Prior to registration, new medicines have demonstrated to adequately treat or prevent diseases based on established efficacy and acceptable safety data in clinical trials. Usually, the registration file for a new medicine (i.e., brand‐name drug) contains clinical efficacy and safety trials or references to such trials, both premarketing and postmarketing. Due to the presence of these efficacy and safety data in the registration file for a brand‐name drug, healthcare providers sometimes tend to have more trust in the brand‐name drug than in a generic drug, because the latter seems to be supported only by a limited amount of drug exposure data in healthy subjects.1 However, the drug's efficacy and safety actually are largely the characteristics of the active substance(s) rather than that of the drug product. Therefore, if two drug products contain the same active substance(s) in a qualitatively and quantitatively manner and have comparable exposure, they are expected to reach the same efficacy and safety in treating or preventing the target disease. In light of this knowledge, a so‐called generic drug containing the same active substance(s) at the same dose is allowed to be marketed without efficacy and safety clinical trials after the exclusivity of the brand‐name drug expired. Instead, in most cases a bioequivalence study between the brand‐name drug and the generic drug is sufficient and serves to demonstrate that there is no impact of excipients and different manufactory processes of the generic drug on the pharmacokinetics (PKs) of the active substance(s). In case demonstration of bioequivalence is complex (e.g., for drugs with controlled release or drugs with narrow therapeutic index) or not possible (e.g., for locally acting drugs), in most cases, the requested comparative studies still are less extensive than the clinical data requested by regulatory authorities for a brand‐name drug. Because of this abridged regulatory requirement, generic drugs are competitive in price, and from that perspective more suitable to healthcare systems than the brand‐name drugs.

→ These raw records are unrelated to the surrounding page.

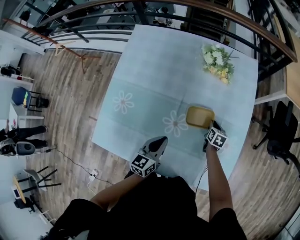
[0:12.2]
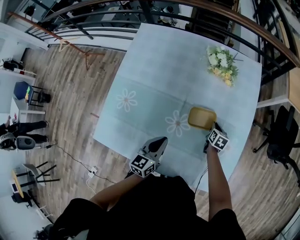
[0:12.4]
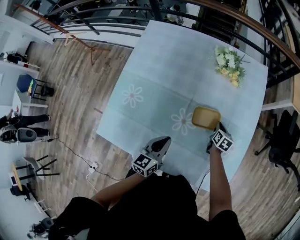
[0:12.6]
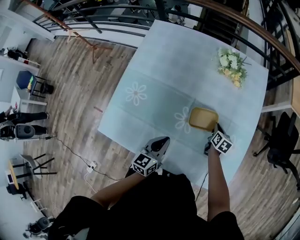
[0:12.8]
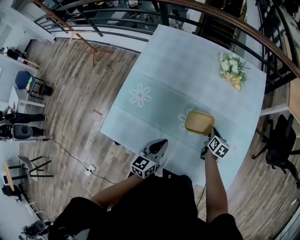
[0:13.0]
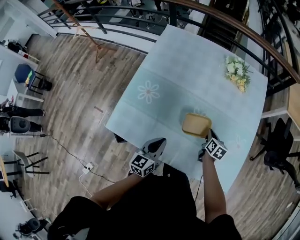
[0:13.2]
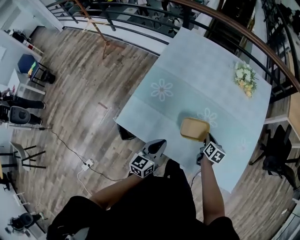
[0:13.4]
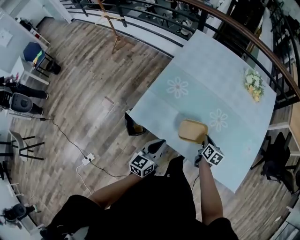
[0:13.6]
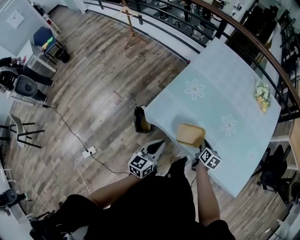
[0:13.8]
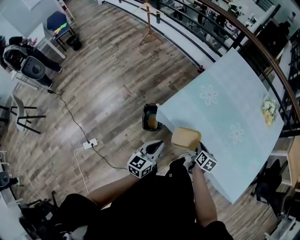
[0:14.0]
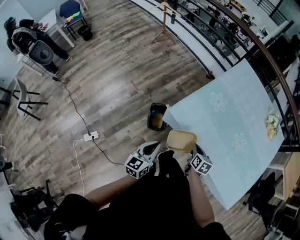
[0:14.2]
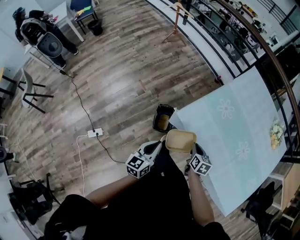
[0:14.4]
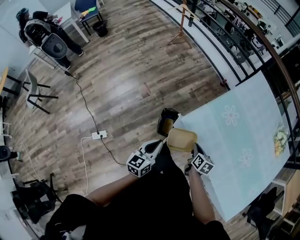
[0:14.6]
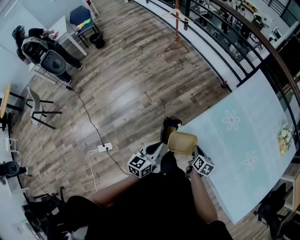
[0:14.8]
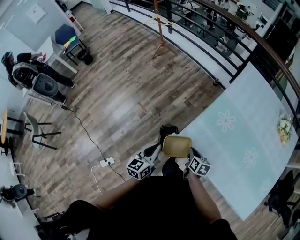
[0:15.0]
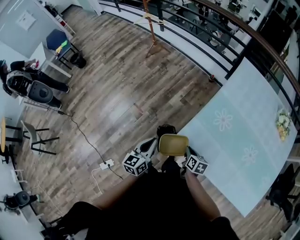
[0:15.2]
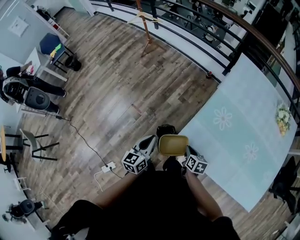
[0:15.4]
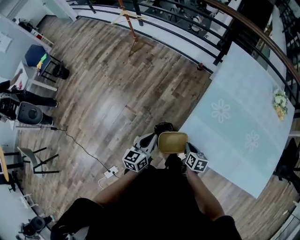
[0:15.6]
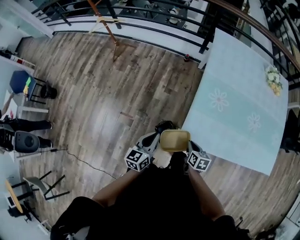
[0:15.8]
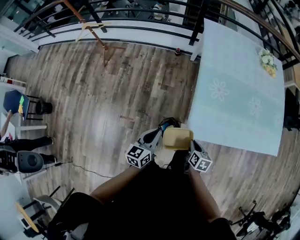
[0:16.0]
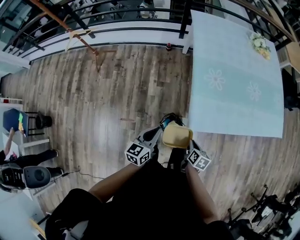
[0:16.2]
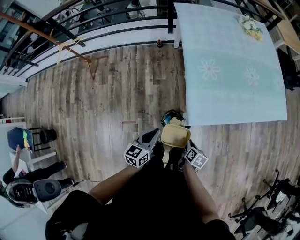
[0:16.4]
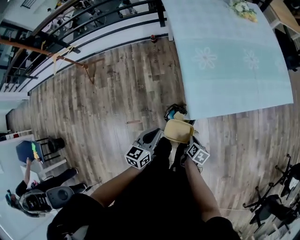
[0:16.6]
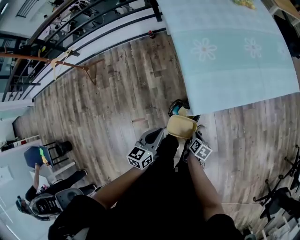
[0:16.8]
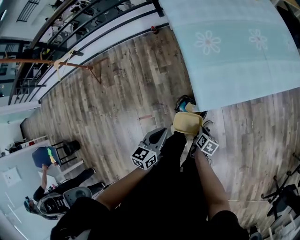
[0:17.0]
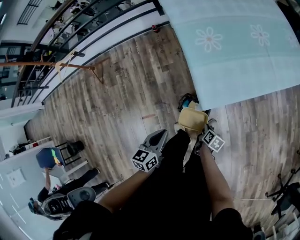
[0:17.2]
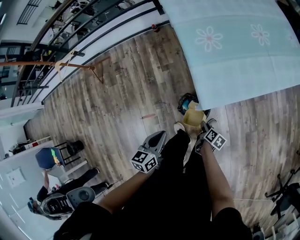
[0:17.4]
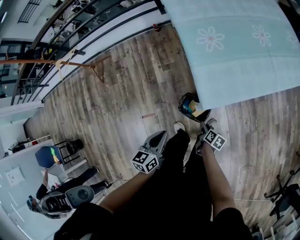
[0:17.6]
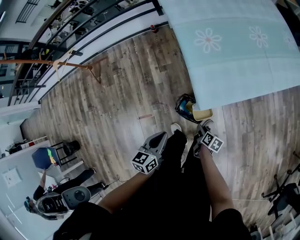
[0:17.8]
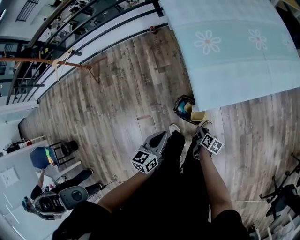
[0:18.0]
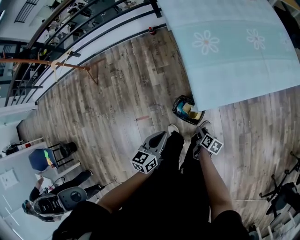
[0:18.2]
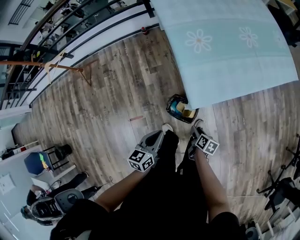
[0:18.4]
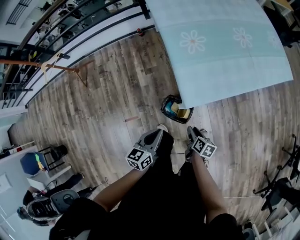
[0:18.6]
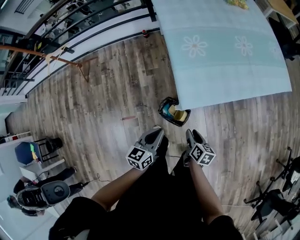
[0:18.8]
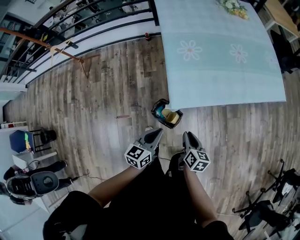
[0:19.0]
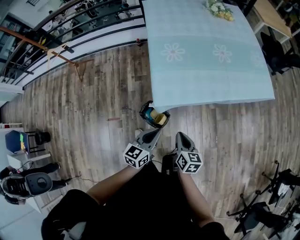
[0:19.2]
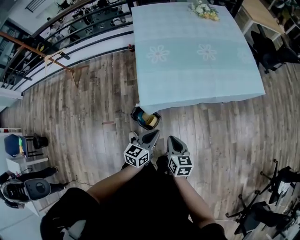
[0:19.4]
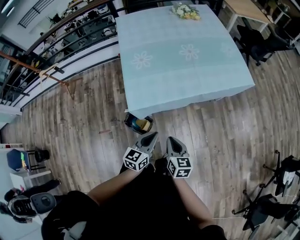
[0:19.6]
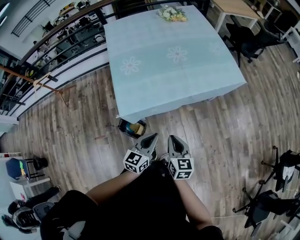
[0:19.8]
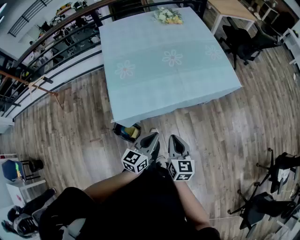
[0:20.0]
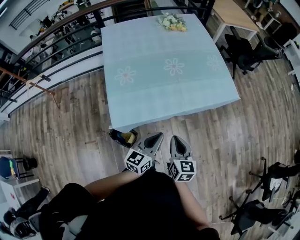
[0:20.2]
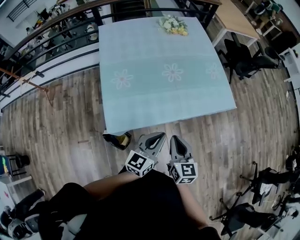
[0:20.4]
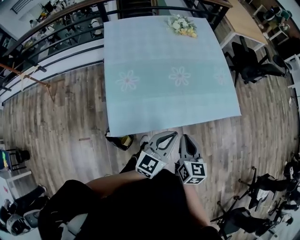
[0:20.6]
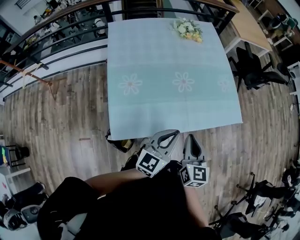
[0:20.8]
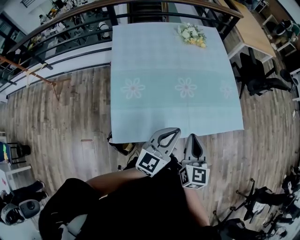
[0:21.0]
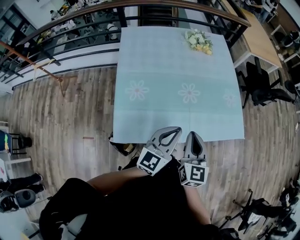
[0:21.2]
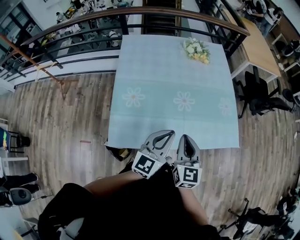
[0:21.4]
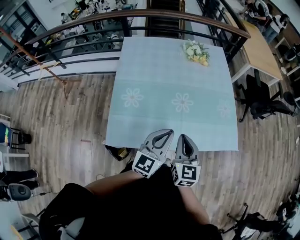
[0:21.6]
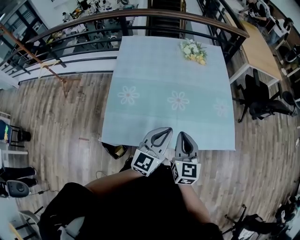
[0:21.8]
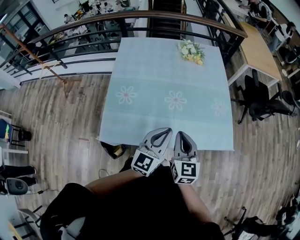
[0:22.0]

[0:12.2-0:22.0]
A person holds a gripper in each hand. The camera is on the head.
0:12.2 to 0:13.6: The left gripper is displaced backward and to the left by approximately 35 cm. Meanwhile the right gripper travels to the left and backward by some 35 cm.
0:13.6 to 0:15.0: The left gripper shifts by about 35 cm. Meanwhile the right gripper ends up about 40 cm from where it was, and rotates about 20 degrees.
0:15.0 to 0:16.4: The right gripper shifts by about 15 cm, and changes its angle by some 60 degrees; the left gripper shifts by roughly 15 cm, and turns by roughly 50 degrees.
0:16.4 to 0:17.8: The left gripper changes place by approximately 5 cm. Meanwhile the right gripper shifts some 10 cm downward, and opens.
0:17.8 to 0:19.2: The left gripper goes roughly 20 cm to the right, while the right gripper travels upward and to the right by about 25 cm, rotates some 40 degrees, and closes up.
0:19.2 to 0:20.6: The left gripper heads to the right, forward and upward, covering some 35 cm. Meanwhile the right gripper goes some 30 cm forward, to the right and upward.
0:20.6 to 0:22.0: The right gripper moves forward, to the right and upward, about 15 cm, and swivels approximately 20 degrees. The left gripper heads forward and to the right, covering roughly 10 cm, and turns by some 20 degrees.

However, because of the lack of actual clinical efficacy and safety data for generic drugs, patients, patient's organizations, and healthcare providers sometimes have concerns about generic drugs (i.e., these may not be as effective/safe as the brand‐name drugs).2
In practice, an adverse event (AE) reported after switching from the brand‐name drug to a generic drug are often ascribed to the generic drug.2 AEs are reported more frequently in the period when a new generic drug enters the market or, in case the sale of a generic drug is strongly increased, whereas the incidence of the reported AEs some time after switching is usually comparable with that of the brand‐name drug.3 However, the observation of an AE cannot be a priori considered evidence for the assumption that the generic drugs perform worse than the brand‐name drugs with regard to safety. The perception of issues toward generics differs among different stakeholders; a survey published by Colgan et al.4 investigated concern about generic drugs in the Netherlands. They found that patients mostly have concerns about the effectiveness of the generic drugs, pharmacists about the quality of the drugs, whereas doctors mostly have concerns about the safety of the drugs.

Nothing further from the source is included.